■ What to do
Your answer must be the records below, given again exactly, with no pictures in it.

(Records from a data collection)
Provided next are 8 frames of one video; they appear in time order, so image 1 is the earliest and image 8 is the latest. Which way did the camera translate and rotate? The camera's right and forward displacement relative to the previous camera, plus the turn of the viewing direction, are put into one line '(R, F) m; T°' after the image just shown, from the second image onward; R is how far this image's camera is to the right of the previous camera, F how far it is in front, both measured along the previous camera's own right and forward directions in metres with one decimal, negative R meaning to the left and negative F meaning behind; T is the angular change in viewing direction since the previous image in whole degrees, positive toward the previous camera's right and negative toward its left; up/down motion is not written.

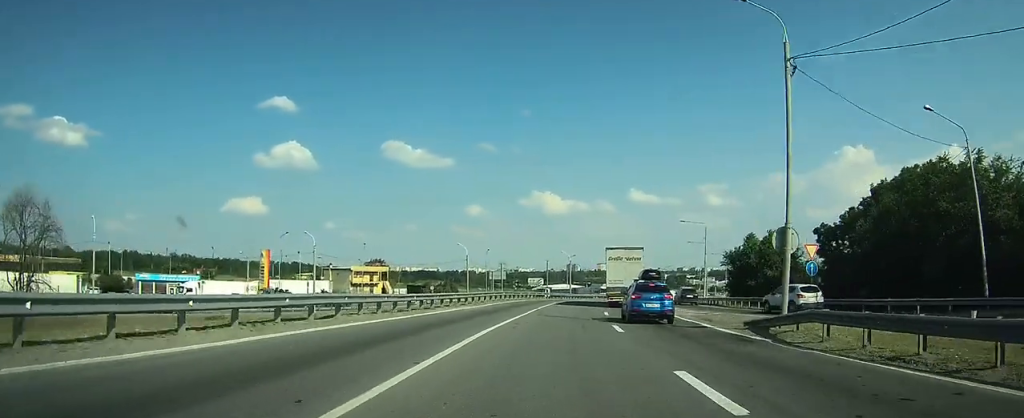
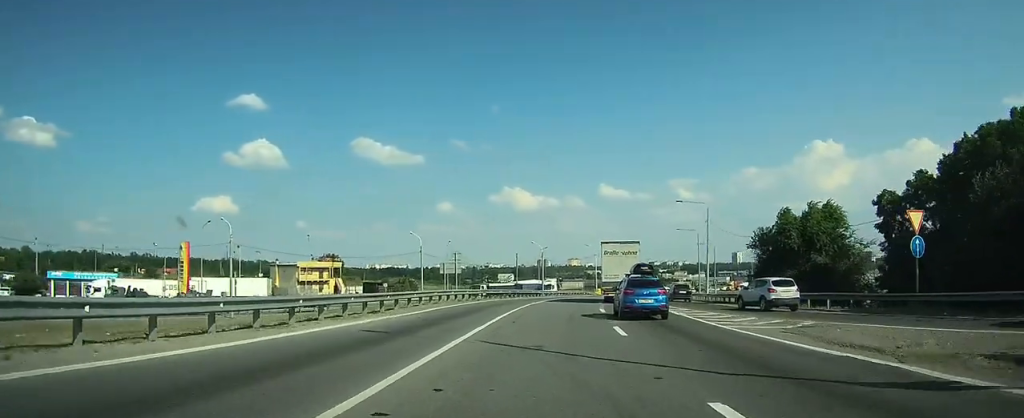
(+0.2, +14.9) m; +2°
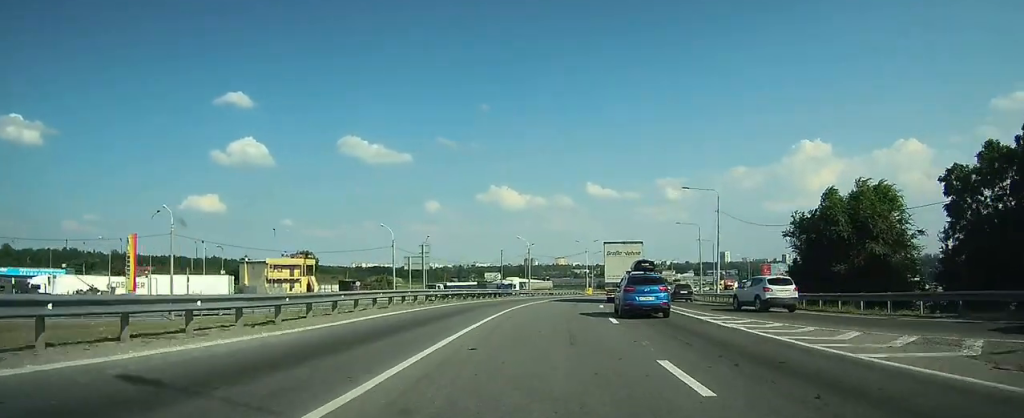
(+0.2, +8.6) m; +2°
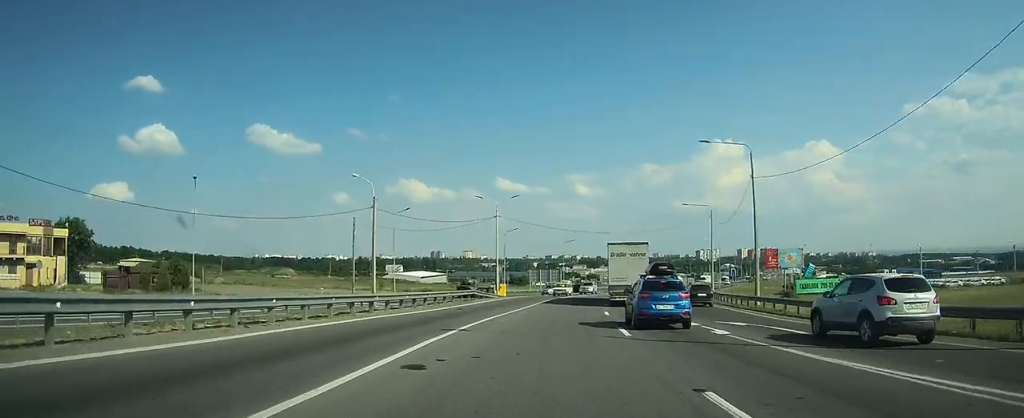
(+3.7, +50.0) m; +9°
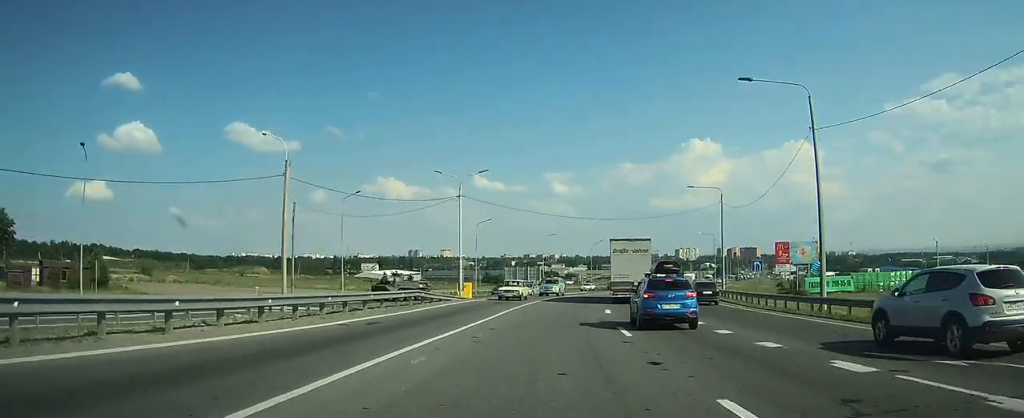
(+0.3, +12.3) m; +2°
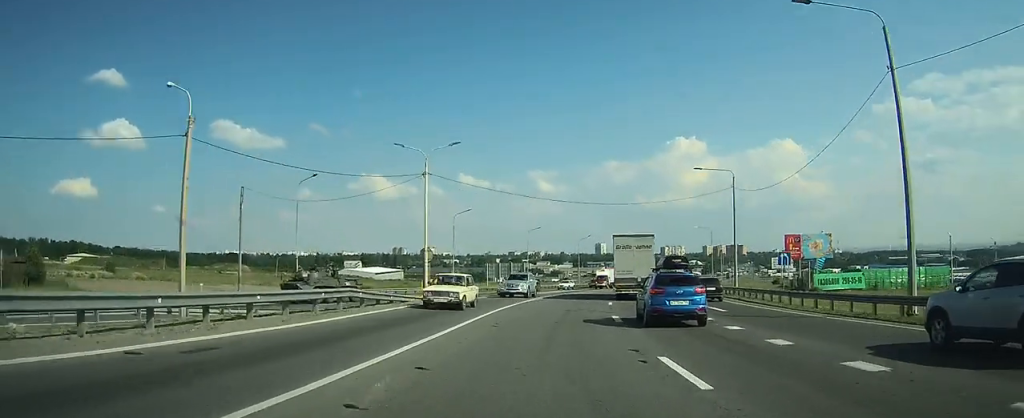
(+0.1, +8.2) m; +2°
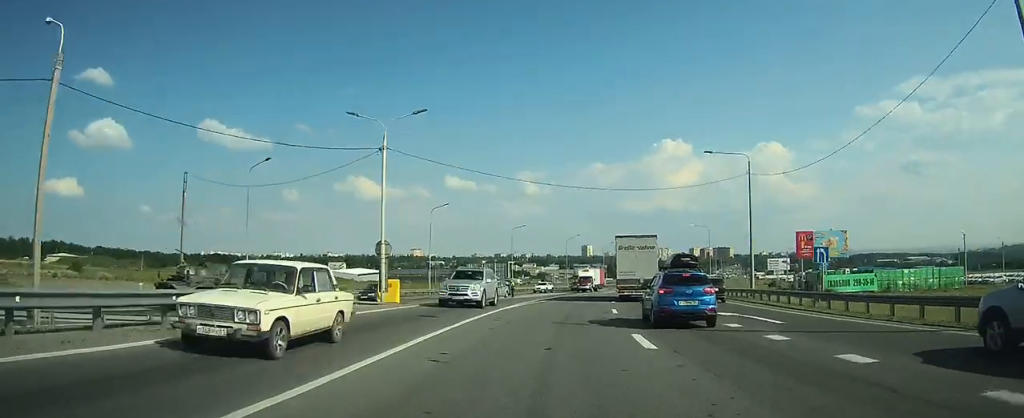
(+0.1, +7.2) m; +1°
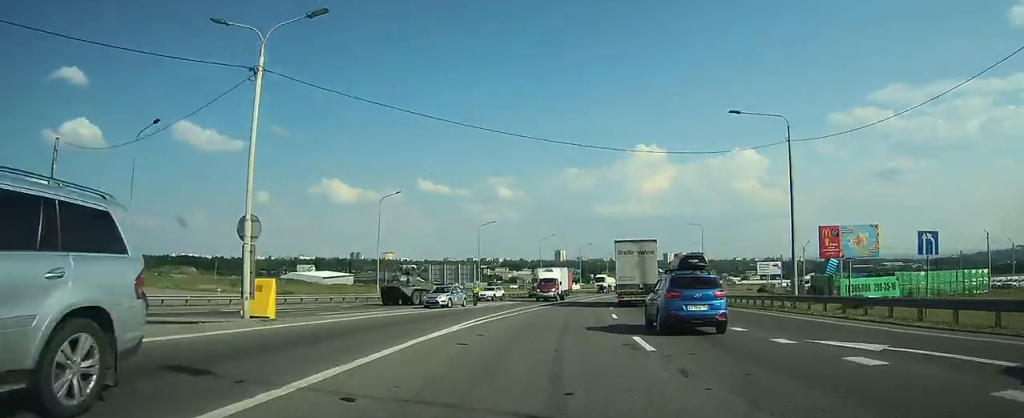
(+0.3, +11.9) m; +2°

■ Written response
Provided next are 8 frames of one video; they appear in time order, so image 1 is the earliest and image 8 is the latest. Which way did the camera translate and rotate? The camera's right and forward displacement relative to the previous camera, plus the turn of the viewing direction, are put into one line '(R, F) m; T°' after the image just shown, from the second image onward; R is how far this image's camera is to the right of the previous camera, F how far it is in front, both measured along the previous camera's own right and forward directions in metres with one decimal, negative R meaning to the left and negative F meaning behind; T is the angular change in viewing direction since the previous image in whole degrees, positive toward the previous camera's right and negative toward its left; up/down motion is not written.

(+0.2, +14.9) m; +2°
(+0.2, +8.6) m; +2°
(+3.7, +50.0) m; +9°
(+0.3, +12.3) m; +2°
(+0.1, +8.2) m; +2°
(+0.1, +7.2) m; +1°
(+0.3, +11.9) m; +2°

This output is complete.